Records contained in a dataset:
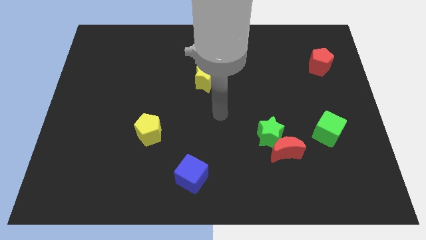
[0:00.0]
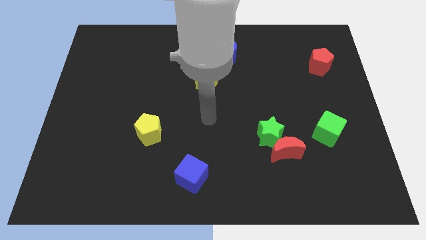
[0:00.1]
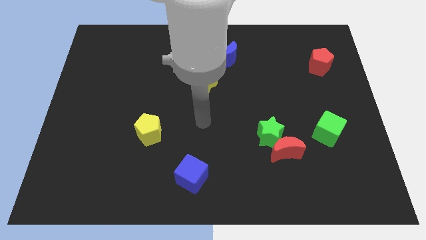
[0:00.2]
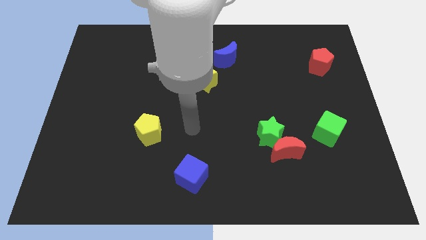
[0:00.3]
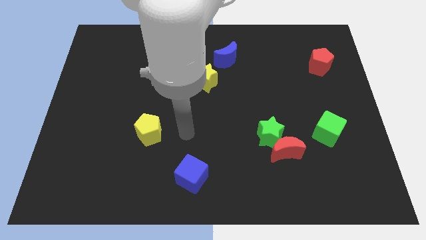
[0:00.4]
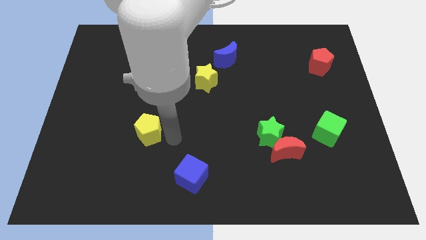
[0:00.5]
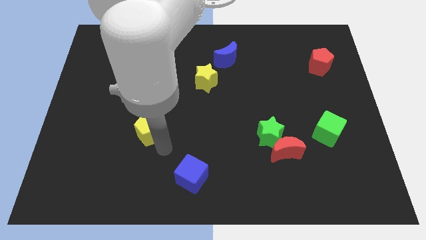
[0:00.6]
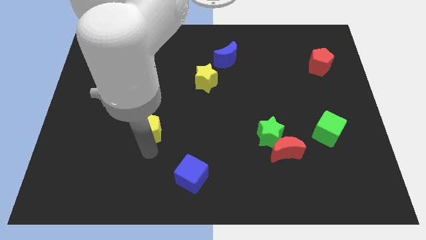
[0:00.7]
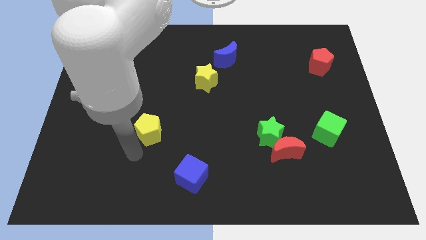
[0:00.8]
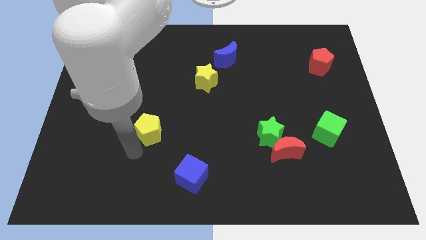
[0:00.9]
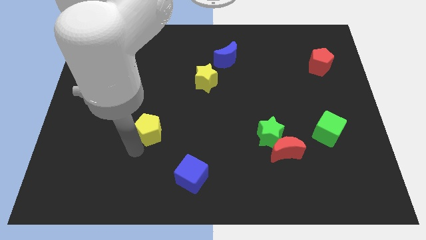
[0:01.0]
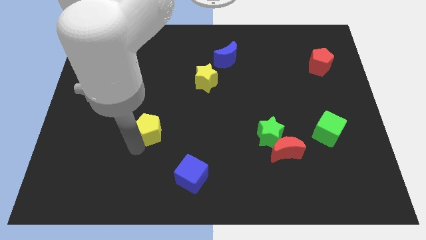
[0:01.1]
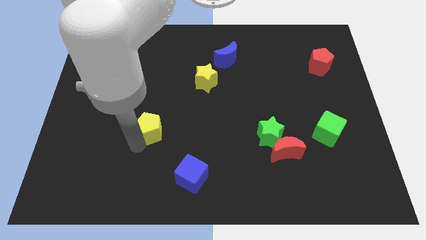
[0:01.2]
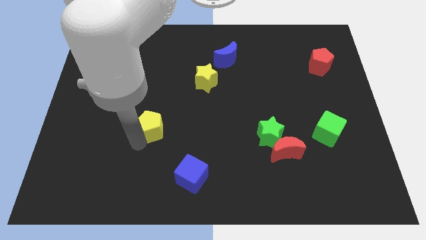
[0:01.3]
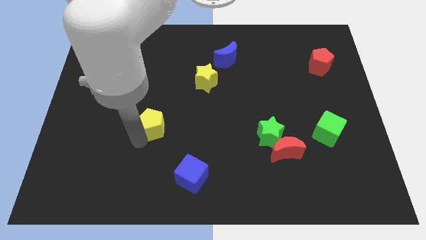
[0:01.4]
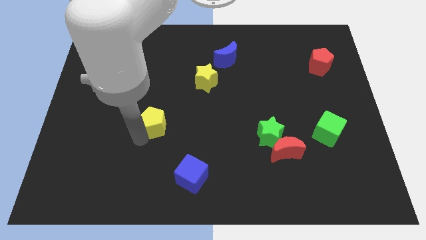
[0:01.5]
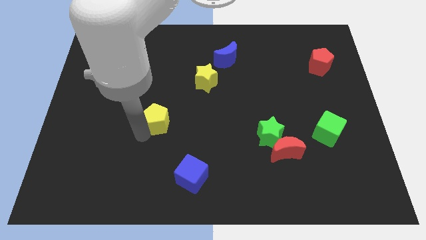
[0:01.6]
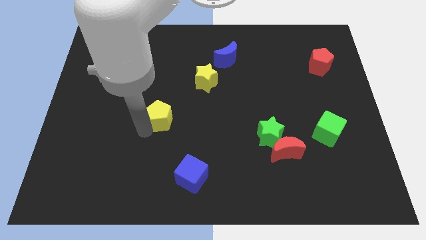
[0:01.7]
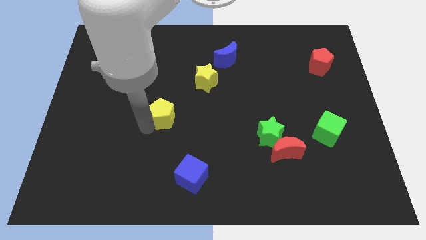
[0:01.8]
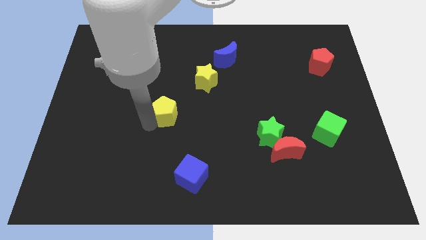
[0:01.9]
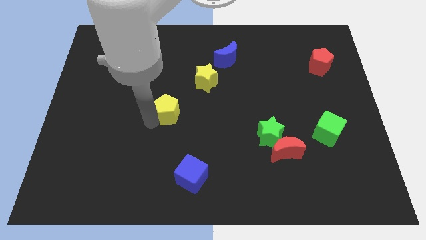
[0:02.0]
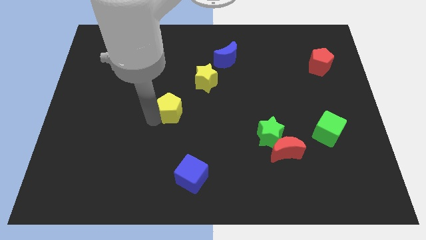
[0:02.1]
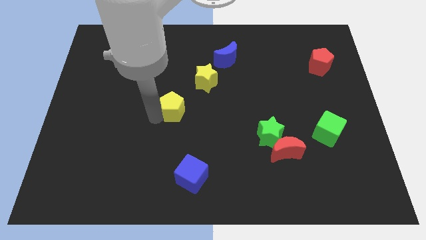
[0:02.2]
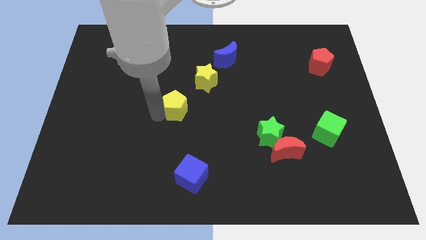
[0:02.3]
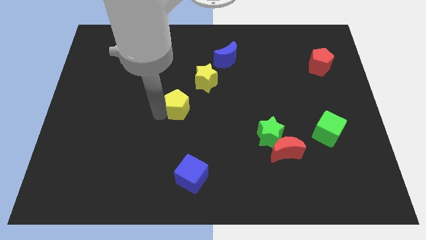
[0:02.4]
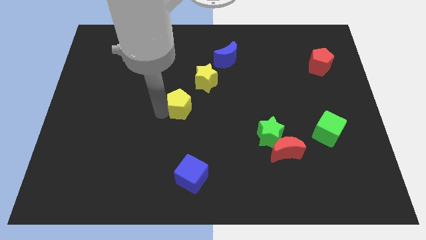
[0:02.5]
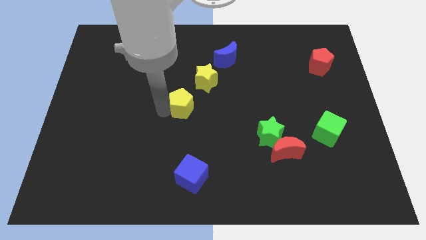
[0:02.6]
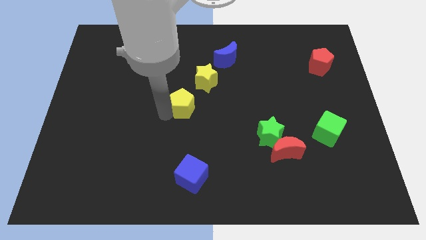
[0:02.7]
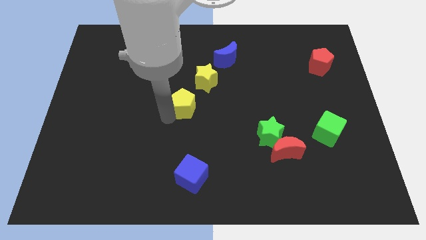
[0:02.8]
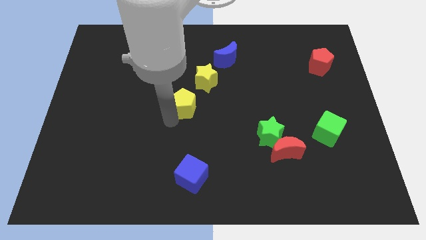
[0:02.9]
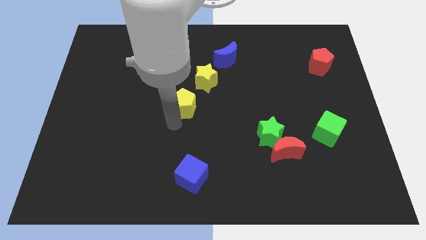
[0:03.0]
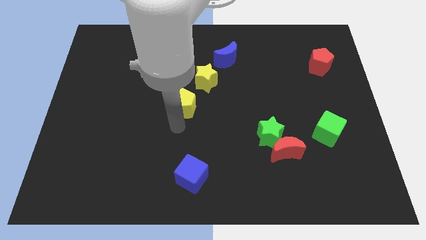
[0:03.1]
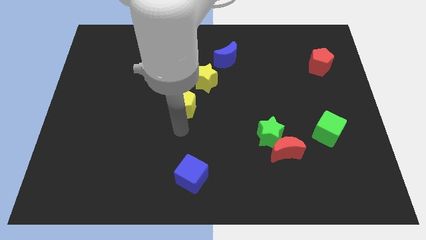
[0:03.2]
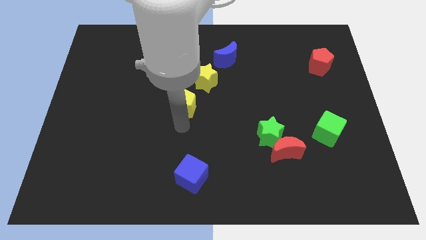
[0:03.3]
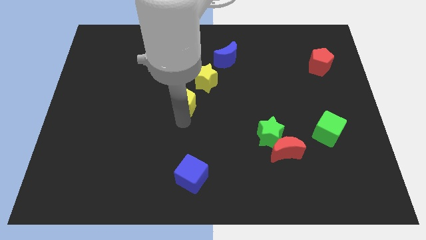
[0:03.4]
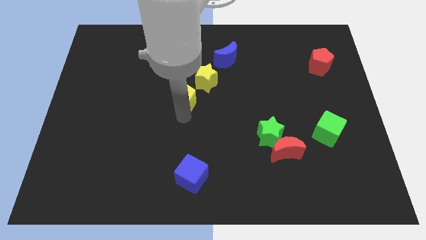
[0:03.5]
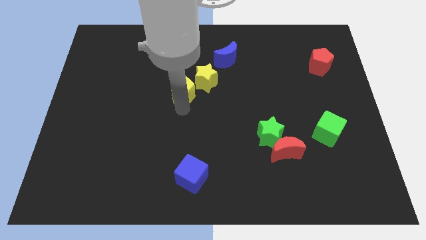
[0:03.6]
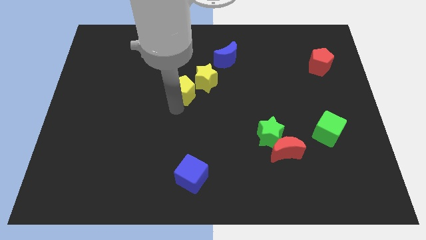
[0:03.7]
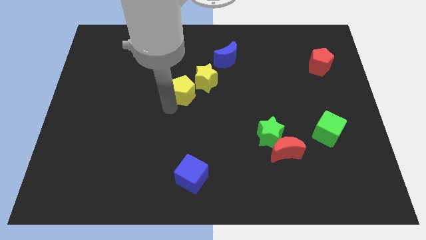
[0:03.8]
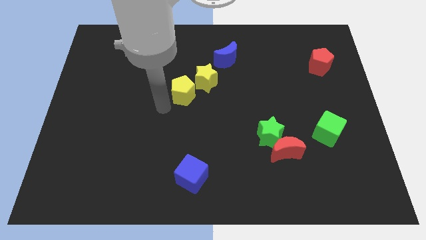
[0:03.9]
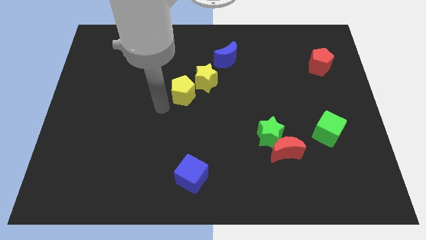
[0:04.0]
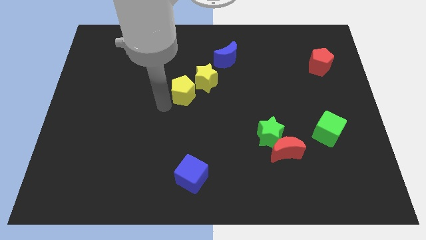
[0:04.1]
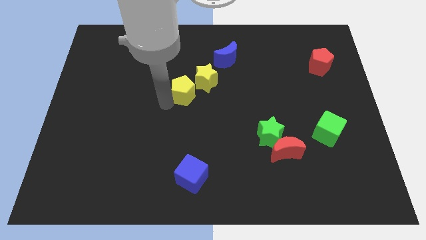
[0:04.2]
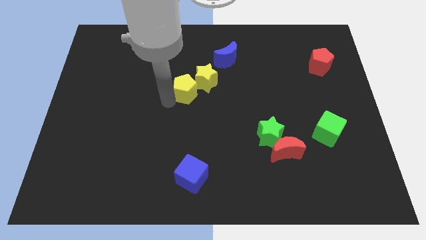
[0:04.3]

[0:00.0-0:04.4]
move the yellow pentagon towards the yellow star

§ **Action item**
Output the entries exactly as they appear, with no pictures included.

§ **Response area**
[0:00.0]
[0:00.1]
[0:00.2]
[0:00.3]
[0:00.4]
[0:00.5]
[0:00.6]
[0:00.7]
[0:00.8]
[0:00.9]
[0:01.0]
[0:01.1]
[0:01.2]
[0:01.3]
[0:01.4]
[0:01.5]
[0:01.6]
[0:01.7]
[0:01.8]
[0:01.9]
[0:02.0]
[0:02.1]
[0:02.2]
[0:02.3]
[0:02.4]
[0:02.5]
[0:02.6]
[0:02.7]
[0:02.8]
[0:02.9]
[0:03.0]
[0:03.1]
[0:03.2]
[0:03.3]
[0:03.4]
[0:03.5]
[0:03.6]
[0:03.7]
[0:03.8]
[0:03.9]
[0:04.0]
[0:04.1]
[0:04.2]
[0:04.3]

[0:00.0-0:04.4]
move the yellow pentagon towards the yellow star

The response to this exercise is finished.